While the media portray Lapid, Gantz and the host of former generals, intelligence and security chiefs, the Histadrut labour federation and heads of Israel’s tech sector as leading the movement against Netanyahu’s dictatorial legislation, they are acting swiftly to betray it. Their aim is to agree some cosmetic changes to the planned legislation that will demobilise the largest protest movement in Israel’s 75-year history and prop up the rule of Israel’s oligarchs against the people.
These leaders, many of whom have served in previous governments headed by Netanyahu, do not represent a progressive alternative. They have few fundamental policy differences with him. Equally committed to the Zionist project, Jewish supremacy and the suppression of the Palestinians within a system of apartheid rule—along with the enrichment of Israel’s corporate elite—they fear his measures will destroy Israel’s democratic fig leaf and endanger its relationship with the United States that is crucial for the country’s economic and military security. To this end, these forces will readily swallow their dislike of Netanyahu and form a government of national unity, displacing his fascistic partners.
For three months, hundreds of thousands have taken to the streets in protest against Netanyahu’s plans to give his coalition of fascists, racists and religious zealots dictatorial powers by neutering the judiciary—the only arm of the state that his far-right government does not control.
According to a survey carried out before Netanyahu fired his Defence Minister Yoav Gallant for calling on him to abandon plans that threatened to destabilise the Israel Defence Forces (IDF), a majority of Israeli Jews are opposed to the plans, with 53 percent defining themselves as ‘opposed to the reform.’ All opinion polls show that the government would lose its majority in the Knesset if fresh elections were held.
As news of Gallant’s sacking was announced Sunday, up to 600,000 turned out to protest and mass strikes broke out, closing universities, schools, workplaces and government operations and grounding flights and shutting ports.
The Histadrut, dedicated to the defence of the Jewish state, had repeatedly refused to call a general strike over the government’s plans. It only did so when it became clear that workers had begun to act independently of the unions. As soon as Netanyahu announced Monday evening that he was “pausing” the legislation till May, Histadrut chief Arnon Bar-David called off the strike.

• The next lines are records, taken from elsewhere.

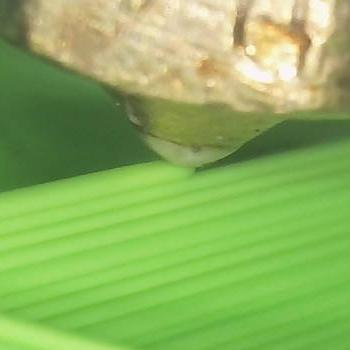
Flow rate: 149%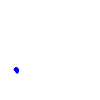
Particle: electron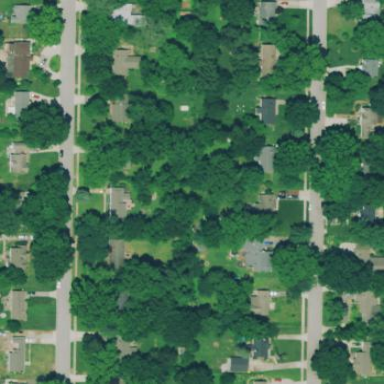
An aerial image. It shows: This residential area consists of single-family homes.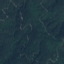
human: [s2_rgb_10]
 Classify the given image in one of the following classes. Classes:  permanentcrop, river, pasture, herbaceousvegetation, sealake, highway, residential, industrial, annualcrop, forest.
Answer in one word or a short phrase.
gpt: Forest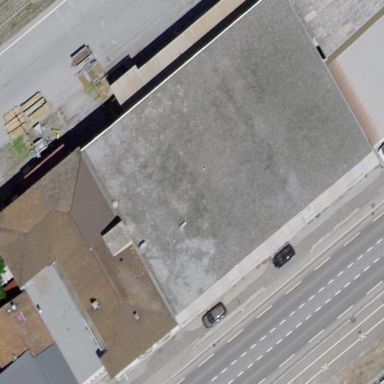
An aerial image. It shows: Industrial building.

But Netanyahu, having come under enormous pressure from US President Joe Biden, who had sent several officials to Tel Aviv to urge him to make some concessions to the opposition movement, had to buy off his fascistic coalition partners to remain in power. In return for a short delay, he pledged to establish and fund a new National Guard under the control of the Minister of National Security, Itamar Ben-Gvir, head of Jewish Power and a leader of fascist settlers in the occupied West Bank. The paramilitary force will be allowed to carry guns that will be used not just against Israel’s Palestinian citizens but also against Israeli workers and youth.
Netanyahu insisted he was not abandoning the judicial overhaul and that if no compromise is found by the summer, he would go ahead with it anyway.
Speaking Tuesday, Biden said, “Like many strong supporters of Israel, I’m very concerned. And I’m concerned that they get this straight. They cannot continue down this road. And I’ve sort of made that clear. I — hopeful — hopefully, the prime minister will act in a way that he is going to try to work out some genuine compromise. But that remains to be seen.”
Netanyahu rejected this mealy mouthed appeal, declaring Wednesday, “Israel is a sovereign country which makes its decisions by the will of its people and not based on pressures from abroad, including from the best of friends.’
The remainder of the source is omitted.